The bleakest time of year, gig-wise, is early January, which was where the now defunct London indie label Fortuna Pop! spotted an opportunity in 2011. Its annual Winter Sprinter offered a reliable night out to those who prefer their bands off-the-scale quirky, and its ethos is encapsulated in the penultimate night of the final festival. It opens with DIY girl band Totally, who harmonise dreamily about being ghosted on Tinder, and are followed by the incredible – in both senses – Trust Fund, a powerpop repository of all things nerdish and rattling.

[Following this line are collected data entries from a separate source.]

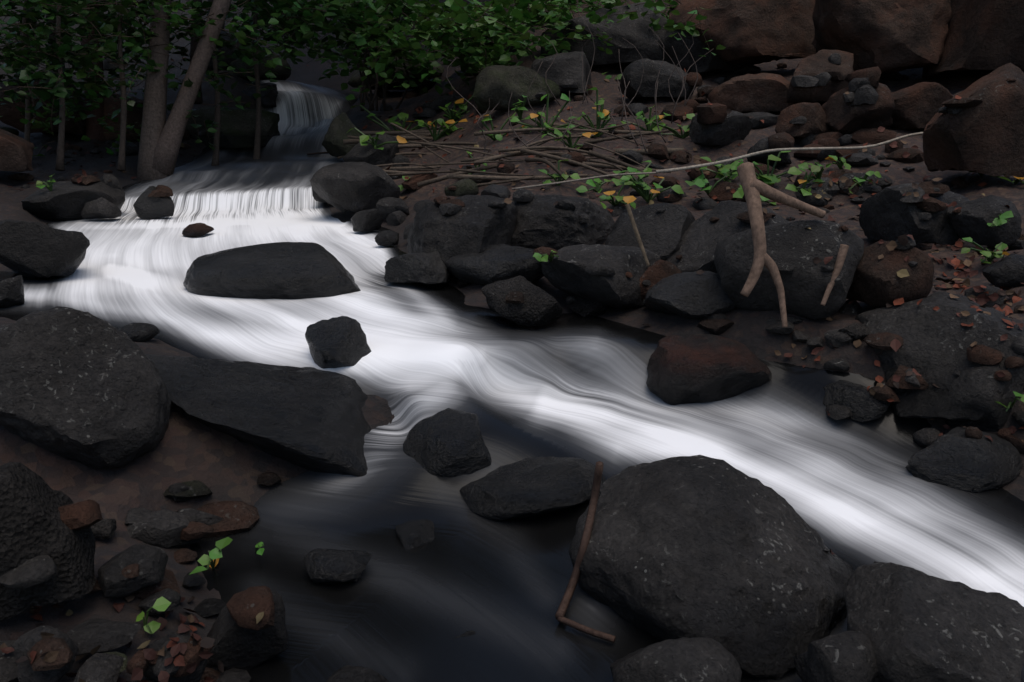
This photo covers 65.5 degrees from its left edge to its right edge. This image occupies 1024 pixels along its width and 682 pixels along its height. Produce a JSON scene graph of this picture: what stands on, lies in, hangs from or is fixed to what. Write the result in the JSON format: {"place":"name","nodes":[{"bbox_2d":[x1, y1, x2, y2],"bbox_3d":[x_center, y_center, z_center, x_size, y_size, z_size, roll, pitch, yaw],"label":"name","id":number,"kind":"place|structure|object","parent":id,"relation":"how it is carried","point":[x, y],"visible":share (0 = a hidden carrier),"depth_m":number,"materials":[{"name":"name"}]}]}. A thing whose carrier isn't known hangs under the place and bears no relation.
{"place":"outdoors","nodes":[
{"label":"outdoors","id":0,"kind":"place"},
{"bbox_2d":[0,79,1023,681],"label":"stream water","id":1,"kind":"structure","parent":0,"point":[854,493],"depth_m":2.83,"materials":[{"name":"water"}]},
{"bbox_2d":[0,275,24,307],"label":"rock","id":2,"kind":"object","parent":1,"relation":"on","point":[11,291],"visible":1,"depth_m":3.75,"materials":[{"name":"stone"}]},
{"bbox_2d":[0,219,89,278],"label":"rock","id":3,"kind":"object","parent":1,"relation":"in","point":[32,250],"visible":1,"depth_m":4.33,"materials":[{"name":"stone"}]},
{"bbox_2d":[21,179,124,221],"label":"rock","id":4,"kind":"object","parent":1,"relation":"in","point":[63,201],"visible":0.71,"depth_m":6.69,"materials":[{"name":"stone"}]},
{"bbox_2d":[81,197,121,218],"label":"rock","id":5,"kind":"object","parent":1,"relation":"in","point":[101,208],"visible":1,"depth_m":6.66,"materials":[{"name":"stone"}]},
{"bbox_2d":[133,186,173,218],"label":"rock","id":6,"kind":"object","parent":1,"relation":"in","point":[145,206],"visible":0.91,"depth_m":6.76,"materials":[{"name":"stone"}]},
{"bbox_2d":[182,223,213,236],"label":"rock","id":7,"kind":"object","parent":1,"relation":"on","point":[198,229],"visible":1,"depth_m":5.95,"materials":[{"name":"stone"}]},
{"bbox_2d":[183,242,360,298],"bbox_3d":[-1.273,-0.364,4.345,0.969,0.281,0.764,0,15,0],"label":"rock","id":8,"kind":"object","parent":1,"relation":"in","point":[290,270],"visible":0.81,"depth_m":4.06,"materials":[{"name":"stone"}]},
{"bbox_2d":[303,548,370,583],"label":"rock","id":9,"kind":"object","parent":1,"relation":"on","point":[328,566],"visible":1,"depth_m":2.15,"materials":[{"name":"stone"}]},
{"bbox_2d":[305,316,370,368],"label":"rock","id":10,"kind":"object","parent":1,"relation":"on","point":[337,342],"visible":0.89,"depth_m":3.15,"materials":[{"name":"stone"}]},
{"bbox_2d":[326,665,389,681],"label":"rock","id":11,"kind":"object","parent":1,"relation":"on","point":[347,673],"visible":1,"depth_m":1.69,"materials":[{"name":"stone"}]},
{"bbox_2d":[375,230,398,245],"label":"rock","id":12,"kind":"object","parent":1,"relation":"in","point":[386,238],"visible":1,"depth_m":5.38,"materials":[{"name":"stone"}]},
{"bbox_2d":[395,519,433,548],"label":"rock","id":13,"kind":"object","parent":1,"relation":"on","point":[410,534],"visible":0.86,"depth_m":2.39,"materials":[{"name":"stone"}]},
{"bbox_2d":[384,251,451,283],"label":"rock","id":14,"kind":"object","parent":1,"relation":"in","point":[423,268],"visible":0.89,"depth_m":4.21,"materials":[{"name":"stone"}]},
{"bbox_2d":[403,408,491,477],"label":"rock","id":15,"kind":"object","parent":1,"relation":"in","point":[449,442],"visible":0.92,"depth_m":2.66,"materials":[{"name":"stone"}]},
{"bbox_2d":[454,631,475,637],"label":"rock","id":16,"kind":"object","parent":1,"relation":"in","point":[468,633],"visible":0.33,"depth_m":1.95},
{"bbox_2d":[460,456,605,521],"bbox_3d":[0.070,0.476,2.610,0.485,0.162,0.347,0,15,0],"label":"rock","id":17,"kind":"object","parent":1,"relation":"in","point":[526,487],"visible":0.85,"depth_m":2.51,"materials":[{"name":"stone"}]},
{"bbox_2d":[568,455,853,679],"bbox_3d":[0.514,0.538,2.090,0.683,0.337,0.616,12,19,38],"label":"rock","id":18,"kind":"object","parent":1,"relation":"in","point":[750,574],"visible":0.91,"depth_m":1.95,"materials":[{"name":"stone"}]},
{"bbox_2d":[794,630,877,681],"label":"rock","id":19,"kind":"object","parent":1,"relation":"on","point":[846,656],"visible":1,"depth_m":1.65,"materials":[{"name":"stone"}]},
{"bbox_2d":[0,0,1023,681],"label":"ground","id":20,"kind":"structure","parent":0,"point":[222,466],"depth_m":5.14,"materials":[{"name":"soil"}]},
{"bbox_2d":[0,126,18,135],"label":"rock","id":21,"kind":"object","parent":20,"relation":"on","point":[13,131],"visible":0.51,"depth_m":10.99,"materials":[{"name":"stone"}]},
{"bbox_2d":[0,129,33,171],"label":"rock","id":22,"kind":"object","parent":20,"relation":"on","point":[16,153],"visible":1,"depth_m":7.73,"materials":[{"name":"stone"}]},
{"bbox_2d":[14,625,77,681],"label":"rock","id":23,"kind":"object","parent":20,"relation":"on","point":[24,644],"visible":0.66,"depth_m":1.57,"materials":[{"name":"stone"}]},
{"bbox_2d":[0,462,95,621],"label":"rock","id":24,"kind":"object","parent":20,"relation":"on","point":[32,525],"visible":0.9,"depth_m":1.74,"materials":[{"name":"stone"}]},
{"bbox_2d":[0,306,171,468],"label":"rock","id":25,"kind":"object","parent":20,"relation":"on","point":[88,389],"visible":0.98,"depth_m":2.40,"materials":[{"name":"stone"}]},
{"bbox_2d":[87,580,101,593],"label":"rock","id":26,"kind":"object","parent":20,"relation":"on","point":[96,587],"visible":0.23,"depth_m":1.88,"materials":[{"name":"stone"}]},
{"bbox_2d":[66,618,140,655],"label":"rock","id":27,"kind":"object","parent":20,"relation":"on","point":[87,636],"visible":0.78,"depth_m":1.70,"materials":[{"name":"stone"}]},
{"bbox_2d":[91,519,116,538],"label":"rock","id":28,"kind":"object","parent":20,"relation":"on","point":[104,529],"visible":0.72,"depth_m":2.15,"materials":[{"name":"stone"}]},
{"bbox_2d":[106,652,126,672],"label":"rock","id":29,"kind":"object","parent":20,"relation":"on","point":[123,667],"visible":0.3,"depth_m":1.64,"materials":[{"name":"stone"}]},
{"bbox_2d":[110,140,138,155],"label":"rock","id":30,"kind":"object","parent":20,"relation":"on","point":[131,149],"visible":0.52,"depth_m":10.11,"materials":[{"name":"stone"}]},
{"bbox_2d":[98,544,167,598],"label":"rock","id":31,"kind":"object","parent":20,"relation":"on","point":[115,583],"visible":0.97,"depth_m":1.88,"materials":[{"name":"stone"}]},
{"bbox_2d":[125,507,152,524],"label":"rock","id":32,"kind":"object","parent":20,"relation":"on","point":[134,515],"visible":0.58,"depth_m":2.29,"materials":[{"name":"stone"}]},
{"bbox_2d":[118,323,159,341],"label":"rock","id":33,"kind":"object","parent":20,"relation":"on","point":[139,332],"visible":0.69,"depth_m":3.28,"materials":[{"name":"stone"}]},
{"bbox_2d":[139,588,180,614],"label":"rock","id":34,"kind":"object","parent":20,"relation":"on","point":[173,597],"visible":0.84,"depth_m":1.89,"materials":[{"name":"stone"}]},
{"bbox_2d":[143,632,206,681],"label":"rock","id":35,"kind":"object","parent":20,"relation":"on","point":[196,675],"visible":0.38,"depth_m":1.63,"materials":[{"name":"stone"}]},
{"bbox_2d":[168,482,196,501],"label":"rock","id":36,"kind":"object","parent":20,"relation":"on","point":[174,488],"visible":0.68,"depth_m":2.47,"materials":[{"name":"stone"}]},
{"bbox_2d":[163,480,211,498],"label":"rock","id":37,"kind":"object","parent":20,"relation":"on","point":[198,489],"visible":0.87,"depth_m":2.49,"materials":[{"name":"stone"}]},
{"bbox_2d":[182,572,205,587],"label":"rock","id":38,"kind":"object","parent":20,"relation":"on","point":[194,580],"visible":0.94,"depth_m":2.11,"materials":[{"name":"stone"}]},
{"bbox_2d":[194,598,225,616],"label":"rock","id":39,"kind":"object","parent":20,"relation":"on","point":[208,607],"visible":0.94,"depth_m":2.02,"materials":[{"name":"stone"}]},
{"bbox_2d":[186,106,279,147],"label":"rock","id":40,"kind":"object","parent":20,"relation":"on","point":[237,127],"visible":0.59,"depth_m":11.02,"materials":[{"name":"stone"}]},
{"bbox_2d":[206,590,287,672],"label":"rock","id":41,"kind":"object","parent":20,"relation":"on","point":[237,646],"visible":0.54,"depth_m":1.79,"materials":[{"name":"stone"}]},
{"bbox_2d":[145,354,370,476],"bbox_3d":[-0.913,0.260,3.003,1.050,0.450,0.805,0,15,0],"label":"rock","id":42,"kind":"object","parent":20,"relation":"on","point":[311,418],"visible":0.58,"depth_m":2.80,"materials":[{"name":"stone"}]},
{"bbox_2d":[228,47,290,79],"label":"rock","id":43,"kind":"object","parent":20,"relation":"on","point":[284,73],"visible":0.44,"depth_m":13.51,"materials":[{"name":"stone"}]},
{"bbox_2d":[242,82,277,106],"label":"rock","id":44,"kind":"object","parent":20,"relation":"on","point":[268,97],"visible":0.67,"depth_m":12.84,"materials":[{"name":"stone"}]},
{"bbox_2d":[257,472,281,485],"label":"rock","id":45,"kind":"object","parent":20,"relation":"on","point":[269,478],"visible":1,"depth_m":2.64,"materials":[{"name":"stone"}]},
{"bbox_2d":[311,184,326,202],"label":"rock","id":46,"kind":"object","parent":20,"relation":"on","point":[316,196],"visible":0.16,"depth_m":7.77,"materials":[{"name":"stone"}]},
{"bbox_2d":[322,112,360,156],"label":"rock","id":47,"kind":"object","parent":20,"relation":"on","point":[339,128],"visible":0.69,"depth_m":10.36,"materials":[{"name":"stone"}]},
{"bbox_2d":[310,162,400,211],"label":"rock","id":48,"kind":"object","parent":20,"relation":"on","point":[351,186],"visible":0.92,"depth_m":6.73,"materials":[{"name":"stone"}]},
{"bbox_2d":[0,0,725,179],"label":"tree","id":49,"kind":"object","parent":20,"relation":"on","point":[304,33],"depth_m":9.67,"materials":[{"name":"plant"}]},
{"bbox_2d":[351,209,383,231],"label":"rock","id":50,"kind":"object","parent":20,"relation":"on","point":[369,220],"visible":1,"depth_m":6.10,"materials":[{"name":"stone"}]},
{"bbox_2d":[342,133,398,164],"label":"rock","id":51,"kind":"object","parent":20,"relation":"on","point":[368,153],"visible":0.67,"depth_m":8.81,"materials":[{"name":"stone"}]},
{"bbox_2d":[376,197,408,218],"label":"rock","id":52,"kind":"object","parent":20,"relation":"on","point":[385,206],"visible":0.59,"depth_m":6.58,"materials":[{"name":"stone"}]},
{"bbox_2d":[347,50,444,89],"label":"rock","id":53,"kind":"object","parent":20,"relation":"on","point":[355,81],"visible":0.31,"depth_m":13.63,"materials":[{"name":"stone"}]},
{"bbox_2d":[403,223,412,238],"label":"rock","id":54,"kind":"object","parent":20,"relation":"on","point":[406,231],"visible":0.26,"depth_m":5.32,"materials":[{"name":"stone"}]},
{"bbox_2d":[413,200,433,212],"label":"rock","id":55,"kind":"object","parent":20,"relation":"on","point":[419,205],"visible":0.27,"depth_m":5.62,"materials":[{"name":"stone"}]},
{"bbox_2d":[444,178,478,196],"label":"rock","id":56,"kind":"object","parent":20,"relation":"on","point":[467,186],"visible":0.85,"depth_m":6.25,"materials":[{"name":"stone"}]},
{"bbox_2d":[407,195,517,274],"bbox_3d":[-0.291,-0.612,4.586,0.689,0.432,0.930,0,15,0],"label":"rock","id":57,"kind":"object","parent":20,"relation":"on","point":[476,224],"visible":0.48,"depth_m":4.36,"materials":[{"name":"stone"}]},
{"bbox_2d":[470,173,492,183],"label":"rock","id":58,"kind":"object","parent":20,"relation":"on","point":[480,181],"visible":0.43,"depth_m":6.58,"materials":[{"name":"stone"}]},
{"bbox_2d":[435,4,528,56],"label":"rock","id":59,"kind":"object","parent":20,"relation":"on","point":[511,50],"visible":0.03,"depth_m":12.74,"materials":[{"name":"stone"}]},
{"bbox_2d":[445,244,543,285],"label":"rock","id":60,"kind":"object","parent":20,"relation":"on","point":[490,264],"visible":0.64,"depth_m":4.11,"materials":[{"name":"stone"}]},
{"bbox_2d":[481,184,510,198],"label":"rock","id":61,"kind":"object","parent":20,"relation":"on","point":[500,191],"visible":0.62,"depth_m":5.68,"materials":[{"name":"stone"}]},
{"bbox_2d":[0,58,1023,681],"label":"leaf litter","id":62,"kind":"object","parent":20,"relation":"on","point":[208,642],"visible":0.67,"depth_m":3.22,"materials":[{"name":"plant"}]},
{"bbox_2d":[0,53,1023,681],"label":"small stones","id":63,"kind":"object","parent":20,"relation":"on","point":[246,605],"visible":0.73,"depth_m":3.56,"materials":[{"name":"stone"}]},
{"bbox_2d":[473,65,559,110],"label":"rock","id":64,"kind":"object","parent":20,"relation":"on","point":[496,84],"visible":0.86,"depth_m":8.84,"materials":[{"name":"stone"}]},
{"bbox_2d":[481,276,562,326],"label":"rock","id":65,"kind":"object","parent":20,"relation":"on","point":[539,306],"visible":0.98,"depth_m":3.61,"materials":[{"name":"stone"}]},
{"bbox_2d":[36,87,1023,633],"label":"green plant","id":66,"kind":"object","parent":20,"relation":"on","point":[214,557],"visible":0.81,"depth_m":6.27,"materials":[{"name":"green plant"}]},
{"bbox_2d":[531,51,591,92],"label":"rock","id":67,"kind":"object","parent":20,"relation":"on","point":[566,65],"visible":0.65,"depth_m":9.59,"materials":[{"name":"stone"}]},
{"bbox_2d":[511,194,614,250],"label":"rock","id":68,"kind":"object","parent":20,"relation":"on","point":[542,221],"visible":0.62,"depth_m":4.64,"materials":[{"name":"stone"}]},
{"bbox_2d":[567,297,605,316],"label":"rock","id":69,"kind":"object","parent":20,"relation":"on","point":[583,307],"visible":0.77,"depth_m":3.96,"materials":[{"name":"stone"}]},
{"bbox_2d":[542,244,660,307],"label":"rock","id":70,"kind":"object","parent":20,"relation":"on","point":[564,271],"visible":0.81,"depth_m":3.88,"materials":[{"name":"stone"}]},
{"bbox_2d":[541,2,666,64],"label":"rock","id":71,"kind":"object","parent":20,"relation":"on","point":[640,35],"visible":0.47,"depth_m":11.32,"materials":[{"name":"stone"}]},
{"bbox_2d":[307,13,922,642],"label":"fallen branches","id":72,"kind":"object","parent":20,"relation":"on","point":[755,189],"visible":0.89,"depth_m":6.49,"materials":[{"name":"brown wood"}]},
{"bbox_2d":[604,203,694,260],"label":"rock","id":73,"kind":"object","parent":20,"relation":"on","point":[661,234],"visible":0.45,"depth_m":4.28,"materials":[{"name":"stone"}]},
{"bbox_2d":[618,58,695,99],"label":"rock","id":74,"kind":"object","parent":20,"relation":"on","point":[633,72],"visible":0.77,"depth_m":9.56,"materials":[{"name":"stone"}]},
{"bbox_2d":[639,260,681,299],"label":"rock","id":75,"kind":"object","parent":20,"relation":"on","point":[656,272],"visible":0.43,"depth_m":3.89,"materials":[{"name":"stone"}]},
{"bbox_2d":[610,637,741,681],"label":"rock","id":76,"kind":"object","parent":20,"relation":"on","point":[696,659],"visible":1,"depth_m":1.64,"materials":[{"name":"stone"}]},
{"bbox_2d":[645,271,737,318],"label":"rock","id":77,"kind":"object","parent":20,"relation":"on","point":[692,295],"visible":0.83,"depth_m":3.56,"materials":[{"name":"stone"}]},
{"bbox_2d":[657,29,752,72],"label":"rock","id":78,"kind":"object","parent":20,"relation":"on","point":[716,63],"visible":0.42,"depth_m":10.98,"materials":[{"name":"stone"}]},
{"bbox_2d":[646,332,771,404],"bbox_3d":[0.813,0.107,3.369,0.511,0.249,0.434,0,15,0],"label":"rock","id":79,"kind":"object","parent":20,"relation":"on","point":[684,368],"visible":0.91,"depth_m":3.21,"materials":[{"name":"stone"}]},
{"bbox_2d":[698,313,726,320],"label":"rock","id":80,"kind":"object","parent":20,"relation":"on","point":[718,316],"visible":0.24,"depth_m":3.52,"materials":[{"name":"stone"}]},
{"bbox_2d":[697,319,733,335],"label":"rock","id":81,"kind":"object","parent":20,"relation":"on","point":[718,327],"visible":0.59,"depth_m":3.47,"materials":[{"name":"stone"}]},
{"bbox_2d":[689,111,751,145],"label":"rock","id":82,"kind":"object","parent":20,"relation":"on","point":[733,127],"visible":0.71,"depth_m":7.32,"materials":[{"name":"stone"}]},
{"bbox_2d":[666,200,789,273],"bbox_3d":[1.119,-0.529,4.118,0.629,0.365,0.546,13,20,41],"label":"rock","id":83,"kind":"object","parent":20,"relation":"on","point":[703,236],"visible":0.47,"depth_m":4.07,"materials":[{"name":"stone"}]},
{"bbox_2d":[669,0,816,64],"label":"rock","id":84,"kind":"object","parent":20,"relation":"on","point":[754,31],"visible":0.67,"depth_m":10.35,"materials":[{"name":"stone"}]},
{"bbox_2d":[707,73,796,111],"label":"rock","id":85,"kind":"object","parent":20,"relation":"on","point":[763,92],"visible":0.82,"depth_m":8.46,"materials":[{"name":"stone"}]},
{"bbox_2d":[747,137,791,165],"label":"rock","id":86,"kind":"object","parent":20,"relation":"on","point":[762,145],"visible":0.52,"depth_m":6.54,"materials":[{"name":"stone"}]},
{"bbox_2d":[765,317,779,324],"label":"rock","id":87,"kind":"object","parent":20,"relation":"on","point":[771,320],"visible":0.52,"depth_m":3.36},
{"bbox_2d":[714,219,863,318],"bbox_3d":[1.215,-0.341,3.514,0.612,0.417,0.682,0,15,0],"label":"rock","id":88,"kind":"object","parent":20,"relation":"on","point":[800,245],"visible":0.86,"depth_m":3.32,"materials":[{"name":"stone"}]},
{"bbox_2d":[787,317,802,323],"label":"rock","id":89,"kind":"object","parent":20,"relation":"on","point":[795,320],"visible":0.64,"depth_m":3.34,"materials":[{"name":"stone"}]},
{"bbox_2d":[775,102,831,136],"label":"rock","id":90,"kind":"object","parent":20,"relation":"on","point":[814,114],"visible":0.8,"depth_m":7.14,"materials":[{"name":"stone"}]},
{"bbox_2d":[787,49,853,102],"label":"rock","id":91,"kind":"object","parent":20,"relation":"on","point":[818,62],"visible":0.65,"depth_m":8.38,"materials":[{"name":"stone"}]},
{"bbox_2d":[838,323,871,338],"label":"rock","id":92,"kind":"object","parent":20,"relation":"on","point":[856,331],"visible":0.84,"depth_m":3.13,"materials":[{"name":"stone"}]},
{"bbox_2d":[823,380,891,421],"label":"rock","id":93,"kind":"object","parent":20,"relation":"on","point":[861,402],"visible":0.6,"depth_m":2.98,"materials":[{"name":"stone"}]},
{"bbox_2d":[822,83,894,133],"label":"rock","id":94,"kind":"object","parent":20,"relation":"on","point":[842,117],"visible":0.7,"depth_m":6.92,"materials":[{"name":"stone"}]},
{"bbox_2d":[811,0,951,72],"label":"rock","id":95,"kind":"object","parent":20,"relation":"on","point":[890,36],"visible":0.84,"depth_m":8.86,"materials":[{"name":"stone"}]},
{"bbox_2d":[846,241,933,306],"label":"rock","id":96,"kind":"object","parent":20,"relation":"on","point":[876,282],"visible":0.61,"depth_m":3.25,"materials":[{"name":"stone"}]},
{"bbox_2d":[859,183,969,244],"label":"rock","id":97,"kind":"object","parent":20,"relation":"on","point":[886,214],"visible":0.71,"depth_m":4.25,"materials":[{"name":"stone"}]},
{"bbox_2d":[890,82,952,129],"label":"rock","id":98,"kind":"object","parent":20,"relation":"on","point":[918,105],"visible":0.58,"depth_m":7.01,"materials":[{"name":"stone"}]},
{"bbox_2d":[845,561,1023,681],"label":"rock","id":99,"kind":"object","parent":20,"relation":"on","point":[912,624],"visible":0.9,"depth_m":1.69,"materials":[{"name":"stone"}]},
{"bbox_2d":[855,292,1023,421],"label":"rock","id":100,"kind":"object","parent":20,"relation":"on","point":[935,346],"visible":0.49,"depth_m":2.92,"materials":[{"name":"stone"}]},
{"bbox_2d":[905,427,1022,491],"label":"rock","id":101,"kind":"object","parent":20,"relation":"on","point":[956,458],"visible":0.95,"depth_m":2.61,"materials":[{"name":"stone"}]},
{"bbox_2d":[922,63,1023,176],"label":"rock","id":102,"kind":"object","parent":20,"relation":"on","point":[986,136],"visible":0.95,"depth_m":5.12,"materials":[{"name":"stone"}]},
{"bbox_2d":[922,0,1023,79],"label":"rock","id":103,"kind":"object","parent":20,"relation":"on","point":[985,35],"visible":0.7,"depth_m":8.40,"materials":[{"name":"stone"}]},
{"bbox_2d":[944,365,1023,431],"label":"rock","id":104,"kind":"object","parent":20,"relation":"on","point":[976,388],"visible":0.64,"depth_m":2.75,"materials":[{"name":"stone"}]},
{"bbox_2d":[948,195,1021,245],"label":"rock","id":105,"kind":"object","parent":20,"relation":"on","point":[975,227],"visible":0.92,"depth_m":4.03,"materials":[{"name":"stone"}]},
{"bbox_2d":[982,253,1023,287],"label":"rock","id":106,"kind":"object","parent":20,"relation":"on","point":[1007,271],"visible":0.98,"depth_m":3.37,"materials":[{"name":"stone"}]},
{"bbox_2d":[1003,434,1023,454],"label":"rock","id":107,"kind":"object","parent":20,"relation":"on","point":[1016,443],"visible":0.46,"depth_m":2.66,"materials":[{"name":"stone"}]},
{"bbox_2d":[1012,411,1023,425],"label":"rock","id":108,"kind":"object","parent":20,"relation":"on","point":[1018,416],"visible":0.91,"depth_m":2.71,"materials":[{"name":"stone"}]}
]}

It’s Peak District multi-instrumentalists Haiku Salut, though, who have drawn the audience. Their two albums (the most recent is Etch and Etch Deep) don’t convey the half of it: onstage, the three women, who’ve dusted their faces with glitter for a midwinter-Glasto effect, work as an unspeaking, instrument-swapping unit. A trumpet, an accordion and a ukulele are impassively passed around, as if Kraftwerk had been an English demi-folk band. But there’s also plenty of what they call “laptoppery”, yielding a set that visits the margins of dubstep and rural folk. A loop of rainfall on Cold to Crack the Stones captures Haiku Salut’s Sunday afternoon mien; despite the complexity, what grabs you is the small-town introversion of it all.

Each song is a small, quiet world – although, with minimal peaks and dips, they lull rather than thrill. On the wild, Björkish gurgle of Things Were Happening and They Were Strange, however, they ratchet up the excitement impressively. Any more like that, Haiku Salut?